New to Prowler MCP Server? Start with the user documentation:
  • Overview - Key capabilities, use cases, and deployment options
  • Installation - Install locally or use the managed server
  • Configuration - Configure Claude Desktop, Cursor, and other MCP hosts
  • Tools Reference - Complete list of all available tools

Introduction

The Prowler MCP Server brings the entire Prowler ecosystem to AI assistants through the Model Context Protocol (MCP). It enables seamless integration with AI tools like Claude Desktop, Cursor, and other MCP clients. The server follows a modular architecture with three independent sub-servers:
Sub-ServerAuth RequiredDescription
Prowler AppYesFull access to Prowler Cloud and Self-Managed features
Prowler HubNoSecurity checks catalog with over 1000 checks, fixers, and 70+ compliance frameworks
Prowler DocumentationNoFull-text search and retrieval of official documentation
For a complete list of tools and their descriptions, see the Tools Reference.

Architecture Overview

The MCP Server architecture is illustrated in the Overview documentation. AI assistants connect through the MCP protocol to access Prowler’s three main components.

Server Structure

The main server orchestrates three sub-servers with prefixed namespacing: 
mcp_server/prowler_mcp_server/
├── server.py                 # Main orchestrator
├── main.py                   # CLI entry point
├── prowler_hub/
├── prowler_app/
│   ├── tools/                # Tool implementations
│   ├── models/               # Pydantic models
│   └── utils/                # API client, auth, loader
└── prowler_documentation/

Tool Registration Patterns

The MCP Server uses two patterns for tool registration:
  1. Direct Decorators (Prowler Hub/Docs): Tools are registered using @mcp.tool() decorators
  2. Auto-Discovery (Prowler App): All public methods of BaseTool subclasses are auto-registered

Adding Tools to Prowler App

Step 1: Create the Tool Class

Create a new file or add to an existing file in prowler_app/tools/: 
# prowler_app/tools/new_feature.py
from typing import Any

from pydantic import Field

from prowler_mcp_server.prowler_app.models.new_feature import (
    FeatureListResponse,
    DetailedFeature,
)
from prowler_mcp_server.prowler_app.tools.base import BaseTool


class NewFeatureTools(BaseTool):
    """Tools for managing new features."""

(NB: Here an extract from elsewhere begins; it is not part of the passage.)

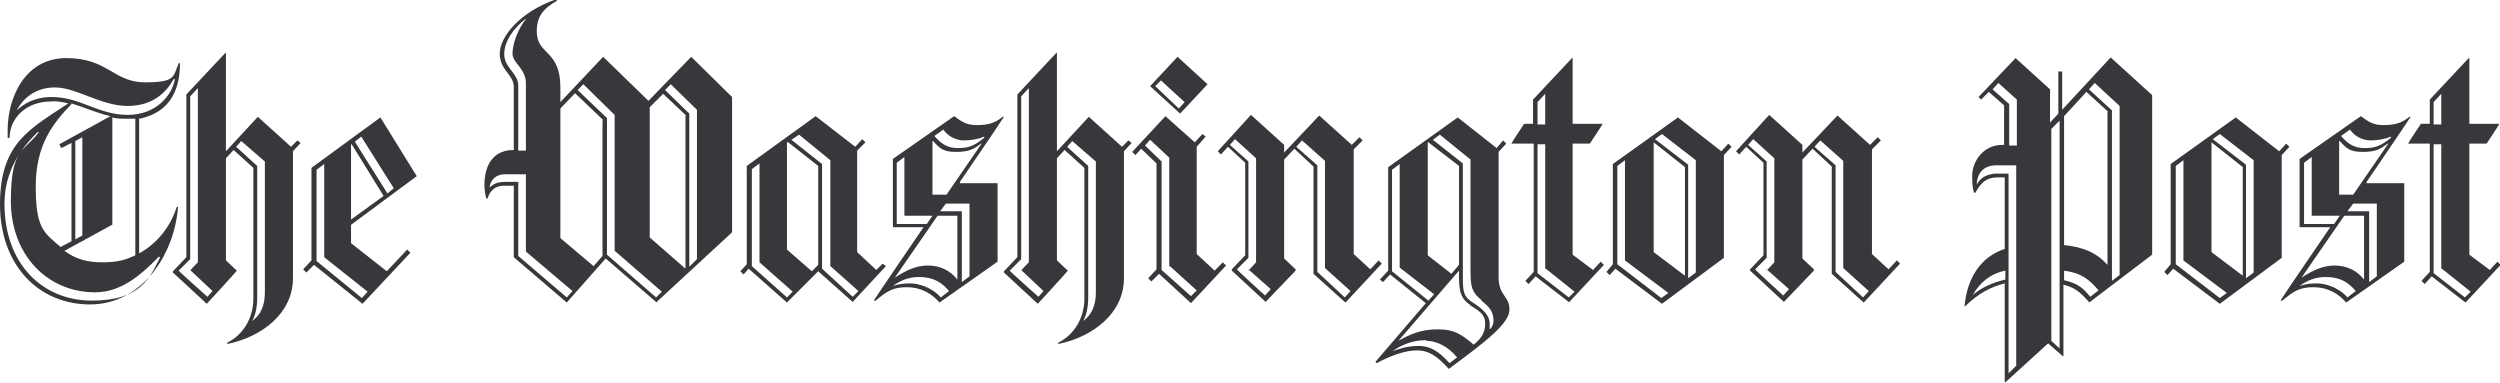 <svg xmlns="http://www.w3.org/2000/svg" id="Layer_1" data-name="Layer 1" width="391.7" height="60" version="1.1" viewBox="0 0 391.7 60"><defs><style> .cls-1 { fill: #37383c; stroke-width: 0px; } </style></defs><path class="cls-1" d="M21.8,18.5v21.2c2.9-1.6,4.9-4.2,5.9-7.3h.2c-.6,7.7-5.8,15.3-13.8,15.3S0,41.6,0,32s4.7-11.8,10.7-15.8c-.9-.2-1.8-.4-2.7-.3-4.1,0-6.5,2.8-6.5,5.7h-.3c0-.4,0-.8,0-1.2,0-5.1,2.7-11.3,9.2-11.3s7.4,3.8,12.3,3.8,4.4-.9,5.3-3h.2c0,3.7-1.2,7.6-6.3,8.7h0ZM24.9,40.2c-2.9,3-6,5.6-10,5.6-7.5,0-13.2-5.9-13.2-14.3s2.1-7.7,4.4-10.8h-.2c-1.4,1.4-5.2,5.1-5.2,11.2,0,9.4,5.9,15.2,13.7,15.2s9.1-3.7,10.7-6.8c0,0-.1,0-.1,0ZM27.2,12.4c-1,1.8-3,4.2-7.2,4.2s-8-2.9-11.4-2.9-5.2,2.1-6,3.6h0c1.1-1,2.8-2.1,5.5-2.1,4.5,0,7.3,2.8,11.9,2.8s7-3.2,7.4-5.6h-.1c0,0,0,0,0,0ZM11.2,16.3c-2.9,3-5.6,6.4-5.6,12.9s1.2,7.2,3.9,9.5l1.7-.9v-15.4l-1.6.8-.3-.6,8-4.4c-2.2-.5-4.1-1.4-6.1-2,0,0,0,0,0,0ZM21.2,18.6c-.4,0-.8,0-1.3,0-.8,0-1.6,0-2.3-.2v16.8l-7.5,4.1c1.6,1.2,3.4,1.8,5.9,1.8s3.7-.4,5.2-1.1v-21.4h0ZM12.9,21.5l-1.1.6v15.4l1.1-.6v-15.4ZM45.9,23.7v19.9c0,5.5-4.9,9.2-10.3,10.3v-.2c2.6-1.3,4.1-4,4.1-6.9v-20.5l-3.1-2.8-1.2,1.3v16l1.7,1.6h0c0,.1-4.7,5.2-4.7,5.2l-5.3-4.9v-.2l2.1-2.2V14.8l6.1-6.5h.1v15.4l5-5.4,5.2,4.7,1-1,.5.4-1.2,1.3s0,0,0,0ZM29.8,42.4h0c0-.1,1.2-1.3,1.2-1.3V13.8l-1.2,1.3v25.5l-1.8,1.8h0c0,.1,4.5,4.1,4.5,4.1l.8-.9-3.4-3.2h0ZM41.5,25.3l-3.7-3.2-.8.9,3.3,3v20.7c0,1.4-.3,2.8-.8,3.6h0c1.4-1,2-2.5,2-4.5v-20.4h0ZM55,35.2v2.9l5.6,4.4,3.2-3.4.5.5-7.5,8-7.6-6.1-1.2,1.2-.5-.5,1.3-1.4v-14.5l10.8-7.9,5.7,9.2-10.4,7.7s0,0,0,0ZM50.8,40.3v-14.6l-1.2.9v14.3l7.1,5.8.9-1s-6.8-5.4-6.8-5.4ZM55.1,22.6h-.1v11.8l5.1-3.7-5-8.1ZM56.6,21.4l-1,.8,5.1,8.1,1-.8-5.1-8.1ZM102.9,47.4l-8-6.9-6.1,6.9-8.3-7.1v-11.2h-1.6c-1.4,0-2.2.9-2.5,2h-.2c-.2-.7-.3-1.4-.3-2.2,0-1.5.4-5.4,4.6-5.4v-9.9c0-1.9-2.2-2.6-2.2-5.2s3.1-6.5,8.8-8.5l.2.2c-2.1,1.2-3.2,2.4-3.2,4.8,0,3.8,3.7,2.8,3.7,8.8v2.3l6.7-7.1,7.1,6.9,6.7-6.9,6.4,6.3v21.2s-11.8,10.9-11.8,10.9ZM82.4,39.4v-12.1h-3.2c-1.7,0-2.4,1.1-2.5,2.1h0c.6-.6,1.2-.9,2.5-.9h2v11.6l7.6,6.5.9-1-7.2-6.1h0ZM82.4,13.1c0-2.4-2.1-3.2-2.1-4.7s.8-3.8,2.1-5.4h-.1c-1.7,1.3-3.3,3.4-3.3,5.5s2.2,3,2.2,4.9v10.2h1.2s0-10.4,0-10.4ZM94.5,18.8l-4.4-4.2-2.3,2.4v20.3l5.2,4.4,1.4-1.6v-21.2h0ZM96.3,39.3v-21.3l-4.9-4.8-.9.9,4.6,4.4v21.4l7.7,6.7.9-.9-7.5-6.5h0ZM107.5,18.1l-3.6-3.4-2.1,2.1v20.4l5.6,4.9h0v-24h0ZM109.3,17.3l-4.2-4.1-.9.9,3.8,3.7v24l1.2-1.2v-23.4h0ZM133.7,47.4l-5.5-4.9-4.9,4.9-6-5.3-.8.9-.5-.5,1-1.1v-15.4l10.8-7.8,6.2,4.8,1.1-1.2.5.5-1.3,1.3v15.9l3,2.8,1-1,.5.4-5.2,5.6h0ZM119,41.1v-15.5l-1.2.9v15.2l5.5,4.9.9-.9-5.2-4.6h0ZM128.2,26l-4.7-3.7h-.2v16.8l3.9,3.4,1-1v-15.5h0ZM130.1,41.6v-16.5l-4.9-4-1.2.8,4.8,3.8v16.4l4.8,4.4.9-.9-4.5-4h0ZM150.4,28.7h5.9v12.3l-9.1,6.4c-1.2-1.4-2.9-2.4-5.1-2.4s-3.1.6-4.9,2.1h-.3c0-.1,7.8-11.5,7.8-11.5h-4.8v-10.7l9.6-6.7c1.2.9,2,1.4,3.5,1.4s2.8-.2,4.1-1.3h.2c0,.1-6.9,10.2-6.9,10.2h0ZM144,43.4c-1.7,0-3,.6-4.1,1.4h0c.9-.3,1.8-.4,2.7-.4,1.3,0,3.4.6,4.8,2.2l1.3-1c-1.1-1.3-2.4-2.2-4.7-2.2h0ZM150.1,33.8h-3.2l-6.7,9.7h0c1.7-1.1,3.3-1.9,5.2-1.9s3.5.8,4.6,2.2h0v-10h0ZM141.7,33.8v-9.2l-1.2.9v9.6h4.7l.9-1.3h-4.4ZM153.7,22.5c-1.2.9-1.9,1.3-3.9,1.3s-2.5-.5-3.6-1.7h-.1v8.4h2.2l5.5-8h0c0,0,0,0,0,0ZM151,22c-1,0-2.4-.5-3.2-1.7l-1.4,1c1.1,1.3,2.1,1.9,3.7,1.9s2.5-.3,4.1-1.6v-.2c-.9.4-2.1.6-3.2.6h0ZM151.9,31.9h-3.7l-.9,1.2h3.4v11.1l1.2-.9v-11.5h0ZM176.1,23.7v19.9c0,5.5-4.9,9.2-10.3,10.3v-.2c2.6-1.3,4.1-4,4.1-6.9v-20.5l-3.1-2.8-1.2,1.3v16l1.7,1.6h0c0,.1-4.7,5.2-4.7,5.2l-5.3-4.9v-.2l2.1-2.2V14.8l6.1-6.5h.1v15.4l5-5.4,5.2,4.7,1-1,.5.4-1.2,1.3h0,0ZM160,42.4h0c0-.1,1.2-1.3,1.2-1.3V13.8l-1.2,1.3v25.5l-1.8,1.8h0c0,.1,4.5,4.1,4.5,4.1l.8-.9-3.4-3.2h0ZM171.7,25.3l-3.7-3.2-.8.9,3.3,3v20.7c0,1.4-.3,2.8-.8,3.6h0c1.4-1,2-2.5,2-4.5v-20.4h0ZM186.5,47.4l-4.9-4.5-1.2,1.2-.5-.5,1.3-1.4v-16.6l-2.4-2.3-.9,1-.5-.5,5.2-5.6,4.6,4.1,1.2-1.3.5.4-1.4,1.6v16.8l2.8,2.6,1.3-1.3.5.5-5.5,5.9h0ZM183.2,41.8v-17.1l-3-2.8-.8.9,2.6,2.5v17l4.6,4.1.9-.9-4.2-3.8h0ZM184.9,17.8l-4.7-4.3,4.3-4.6,4.7,4.3-4.3,4.6ZM181.9,12.6l-.9.9,3.7,3.5.9-1-3.7-3.4h0ZM210.8,47.4l-5-4.5v-16.8l-3-2.8-1.6,1.7v15.5l1.8,1.7v.2l-4.7,4.9-5.3-4.9v-.2l2.1-2.2v-14.5l-2.7-2.5-1.1,1.2-.5-.5,5.2-5.7,5.2,4.7v1.2l5.5-5.8,5.1,4.6,1.2-1.2.5.5-1.4,1.4v16.4l2.6,2.4,1.3-1.4.5.5-5.5,5.9h0ZM195.6,42.4h0l1.2-1.3v-16.3l-3.3-3-.8.9,2.9,2.6v15.1l-1.8,1.8h0c0,.1,4.4,4.1,4.4,4.1l.9-1-3.5-3.1h0ZM207.6,42v-16.8l-3.6-3.2-.9,1,3.3,2.9v16.7l4.3,4,.9-1-4-3.6h0ZM227,57.8c-1.9-2.1-3.2-2.9-5-2.9s-4.1.8-6.3,2l-.2-.2,7.9-9.2-5.6-4.5-1.1,1.2-.5-.4,1.3-1.4v-16.2l10.9-7.8,6.1,4.8,1-1.2.5.5-1.2,1.3v19.6c0,3,1.7,2.9,1.7,5.1s-3.7,5-9.5,9.3h0ZM219.3,41.9v-16.2l-1.2.9v15.9l5.7,4.6.9-1-5.3-4.1h0ZM223.4,53.3c-1.9,0-3.6.6-5.2,1.7h0c1-.3,2.2-.8,4.1-.8s3.3,1,4.8,2.7l1.2-.9c-1.4-1.7-3.2-2.6-4.8-2.6h0ZM230.4,47.8c-1.4-.9-1.8-1.9-1.8-4.4v-1l-9.5,11h0c1.8-1,3.5-1.8,6.2-1.8s3.8.9,5.6,2.4c1.1-.9,1.8-1.8,1.8-3.3s-1-2-2.4-2.9h0ZM228.6,26l-4.8-3.7h-.1v17.7l3.7,2.9,1.2-1.4v-15.5h0ZM232.1,47c-1.5-1.2-1.7-2.1-1.7-4.6v-17.4l-4.8-3.9-1.1.8,4.7,3.7v17.7c0,2.5.1,3.2,1.7,4.2,1.4.9,2.5,1.9,2.5,3.2s0,.9,0,.9h0c.3-.2.6-.7.6-1.4,0-1.3-.6-2.1-1.9-3.1h0ZM245.9,47.4l-5.3-4.1-1.1,1.2-.5-.5,1.3-1.4v-20.1h-3.5c0-.1,2-3.1,2-3.1h1.4v-3.8l6.1-6.5h.1v10.3h4.7c0,.1-2,3.1-2,3.1h-2.7v17.4l3.2,2.4,1.2-1.3.5.5-5.5,5.9h0ZM242.1,14.7l-1.2,1.3v3.5h1.2v-4.8ZM242.1,42.1v-19.5h-1.2v20.2l4.9,3.8.9-.9-4.5-3.6h0ZM270.1,24.3v16.1l-9.7,7.2-7.3-5.5-.9,1-.5-.5,1-1.2v-15.7l10.2-7.3,6.8,5.3,1.1-1.2.5.5-1.2,1.3h0s0,0,0,0ZM254.6,40.8v-15.7l-1.2.9v15.4l6.9,5.3,1.1-.8-6.8-5.1h0ZM263.9,26.1l-4.8-3.8h0v17.2l4.9,3.7v-17h0ZM265.7,25.1l-5.3-4.1-1.1.8,5.2,4v17.8l1.2-.9v-17.6h0ZM292,47.4l-5-4.5v-16.8l-3-2.8-1.6,1.7v15.5l1.8,1.7v.2l-4.7,4.9-5.3-4.9v-.2l2.1-2.2v-14.5l-2.7-2.5-1.1,1.2-.5-.5,5.2-5.7,5.2,4.7v1.2l5.5-5.8,5.1,4.6,1.2-1.2.5.5-1.4,1.4v16.4l2.6,2.4,1.3-1.4.5.5-5.5,5.9h0ZM276.8,42.4h0l1.2-1.3v-16.3l-3.3-3-.8.9,2.9,2.6v15.1l-1.8,1.8h0c0,.1,4.4,4.1,4.4,4.1l.9-1-3.5-3.1h0ZM288.8,42v-16.8l-3.6-3.2-.9,1,3.3,2.9v16.7l4.3,4,.9-1-4-3.6h0ZM327.4,47.4c-1.6-1.7-2.2-2.3-4.1-2.8v11.2h-.1c0,0-2.3-2-2.3-2l-6.7,6.1h-.1v-15.5c-2,.5-4.1,1.5-6.2,3.6h-.1c.4-4.5,2.6-7.8,6.3-9v-11.2h-1.2c-1.7,0-2.6.9-3.4,2.4h-.2c-.2-.5-.3-1.3-.3-2.6,0-2.4,1.8-4.9,4.7-4.9h.3v-6.2l-2.4-2.1-1.2,1.2-.4-.4,5.8-6.1,5.4,4.9v5.2l1.3-1.4v-6.6h.6v6l7.6-8.2,6.5,5.9v25l-10,7.6h0s0,0,0,0ZM314.2,42.4c-2.4.5-4,1.9-5.1,3.8h0c1.6-1.3,3.1-1.9,5.1-2.4v-1.4h0ZM316,25.9h-3.2c-2.2,0-3,1.4-3.1,3h0c.7-1.1,1.4-1.5,2.8-1.7h2.2v31.3l1.2-1.2v-31.4ZM316,15.6l-2.9-2.6-.9,1,2.6,2.3v6.5h1.2v-7.1h0ZM322.7,18.9l-1.3,1.3v33.2l1.3,1.2V18.9ZM330.3,17.5l-3.4-3.1-3.5,3.8v20.2c3,.3,5.1,1.2,6.8,3.1h0v-24h0ZM323.4,42.4v1.5c2,.5,2.8,1,4.1,2.6l1.3-1c-1.4-1.7-2.8-2.8-5.5-3.1h0ZM332.1,16.6l-3.9-3.6-.9,1,3.6,3.3v26.7l1.2-.9v-26.4h0ZM357.5,24.3v16.1l-9.7,7.2-7.3-5.5-.9,1-.5-.5,1-1.2v-15.7l10.2-7.3,6.8,5.3,1.1-1.2.5.5-1.2,1.3h0s0,0,0,0ZM342.1,40.8v-15.7l-1.2.9v15.4l6.9,5.3,1.1-.8-6.8-5.1h0ZM351.3,26.1l-4.8-3.8h0v17.2l4.9,3.7v-17h0ZM353.1,25.1l-5.3-4.1-1.1.8,5.2,4v17.8l1.2-.9v-17.6h0ZM370.8,28.7h5.9v12.3l-9.1,6.4c-1.2-1.4-2.9-2.4-5.1-2.4s-3.1.6-4.9,2.1h-.3c0-.1,7.8-11.5,7.8-11.5h-4.8v-10.7l9.6-6.7c1.2.9,2,1.4,3.5,1.4s2.8-.2,4.1-1.3h.2c0,.1-6.9,10.2-6.9,10.2h0ZM364.4,43.4c-1.7,0-3,.6-4.1,1.4h0c.9-.3,1.8-.4,2.7-.4,1.3,0,3.4.6,4.8,2.2l1.3-1c-1.1-1.3-2.4-2.2-4.7-2.2h0ZM370.5,33.8h-3.2l-6.7,9.7h0c1.7-1.1,3.3-1.9,5.2-1.9s3.5.8,4.6,2.2h0v-10h0ZM362.2,33.8v-9.2l-1.2.9v9.6h4.7l.9-1.3h-4.4ZM374.1,22.5c-1.2.9-1.9,1.3-3.9,1.3s-2.5-.5-3.6-1.7h-.1v8.4h2.2l5.5-8h0q0,0,0,0ZM371.4,22c-1,0-2.4-.5-3.2-1.7l-1.4,1c1.1,1.3,2.1,1.9,3.7,1.9s2.5-.3,4.1-1.6v-.2c-.9.4-2.1.6-3.2.6h0ZM372.4,31.9h-3.7l-.9,1.2h3.4v11.1l1.2-.9v-11.5h0ZM386.3,47.4l-5.3-4.1-1.1,1.2-.5-.5,1.3-1.4v-20.1h-3.4c0-.1,2-3.1,2-3.1h1.4v-3.8l6.1-6.5h.1v10.3h4.7c0,.1-2,3.1-2,3.1h-2.7v17.4l3.2,2.4,1.2-1.3.5.5-5.5,5.9h0ZM382.5,14.7l-1.2,1.3v3.5h1.2v-4.8ZM382.5,42.1v-19.5h-1.2v20.2l4.9,3.8.9-.9-4.5-3.6h0Z"></path></svg>

    async def list_features(
        self,
        status: str | None = Field(
            default=None,
            description="Filter by status (active, inactive, pending)"
        ),
        page_size: int = Field(
            default=50,
            description="Number of results per page (1-100)"
        ),
    ) -> dict[str, Any]:
        """List all features with optional filtering.

        Returns a lightweight list of features optimized for LLM consumption.
        Use get_feature for complete information about a specific feature.
        """
        # Validate parameters
        self.api_client.validate_page_size(page_size)

        # Build query parameters
        params: dict[str, Any] = {"page[size]": page_size}
        if status:
            params["filter[status]"] = status

        # Make API request
        clean_params = self.api_client.build_filter_params(params)
        response = await self.api_client.get("/api/v1/features", params=clean_params)

        # Transform to LLM-friendly format
        return FeatureListResponse.from_api_response(response).model_dump()

    async def get_feature(
        self,
        feature_id: str = Field(description="The UUID of the feature"),
    ) -> dict[str, Any]:
        """Get detailed information about a specific feature.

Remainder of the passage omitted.